Minimal surface terminology

Question

If $f: \Omega \subset \mathbb{R}^2 \rightarrow \mathbb{R}$ is smooth, then its graph $G = \{(x,y, f(x,y) | (x,y) \in \Omega\}$ is a minimiser of area if and only if it satisfies the Euler-Lagrange equation for the area functional. I saw further that if $\Omega$ is convex, then $G$ is absolutely area minimising. What is the definition of absolutely area minimising vs just area minimising? The terminology is used here: https://arxiv.org/abs/math/0511469v1

Answer 1

There are some misunderstanding of the terms. First of all, a graph $G$ which satisfies the Euler Lagrange equation

$$ \text{div} \left( \frac{\nabla f}{\sqrt{1+|\nabla f|^2}}\right) = 0$$

if and only if it is a critical point of the area functional. In this case the graph is a minimal surface. That this is a minimal surface does not mean that it is a local or global minimizer of the area functional.
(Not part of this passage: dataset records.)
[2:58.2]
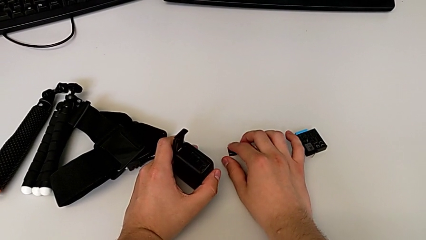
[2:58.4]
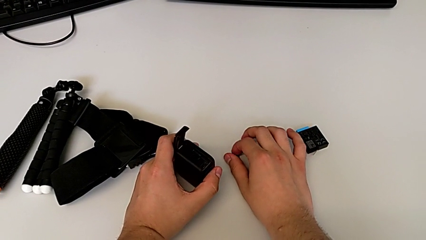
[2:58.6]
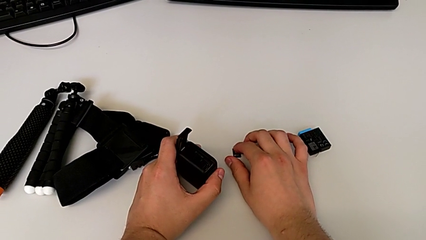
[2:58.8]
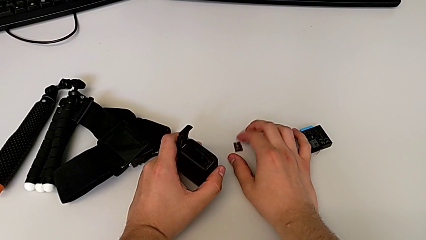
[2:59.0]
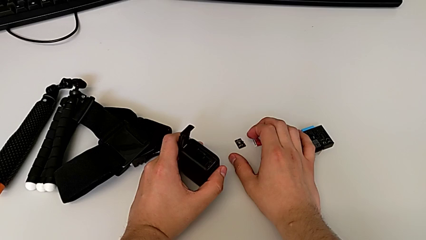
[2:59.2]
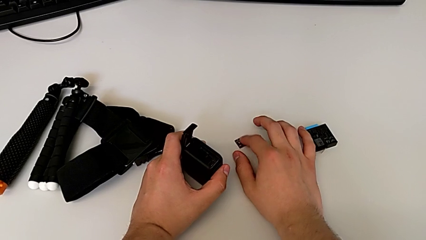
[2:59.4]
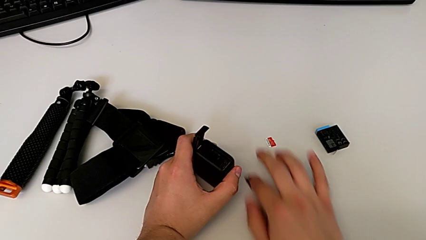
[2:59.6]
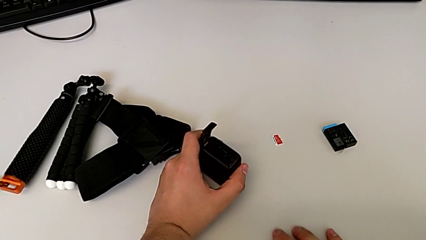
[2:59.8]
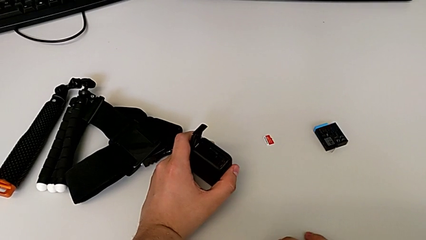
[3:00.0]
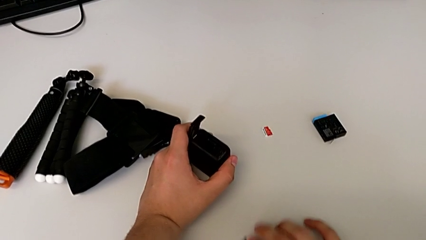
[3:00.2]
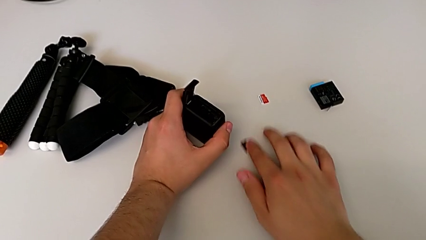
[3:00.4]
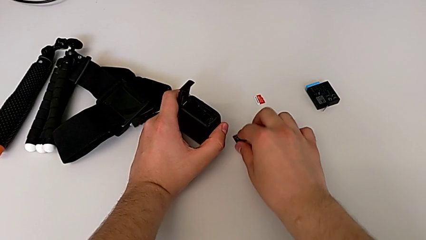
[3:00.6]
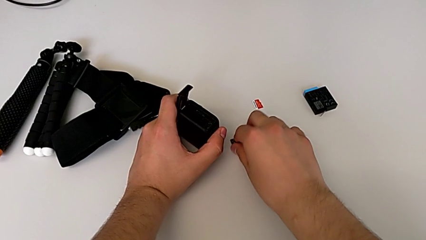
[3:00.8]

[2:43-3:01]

However, as shown in p.4 in Colding-Minicozzi's note, if the graph $G$ of $f$ is a minimal surface, then it is also a area-minimizer amongst surfaces in the cylinder $\Omega \times \mathbb R$ with the same boundary. That is, if $M$ is a minimal surface in $\Omega \times \mathbb R$ such that $\partial M = \partial G:= \{ (x, y, f(x, y)): (x, y)\in \partial \Omega\}$, then $$\text{Area}(M) \ge \text{Area} (G).$$

In particular, the graph $G$ might not be an absolute area-minimizer in $\mathbb R^3$: there might be some surface $M$ in $\mathbb R^3$ with $\partial M = \partial G$ with strictly smaller area. As shown in the note, $G$ is indeed an absolute area-minimizer when $\Omega$ is convex.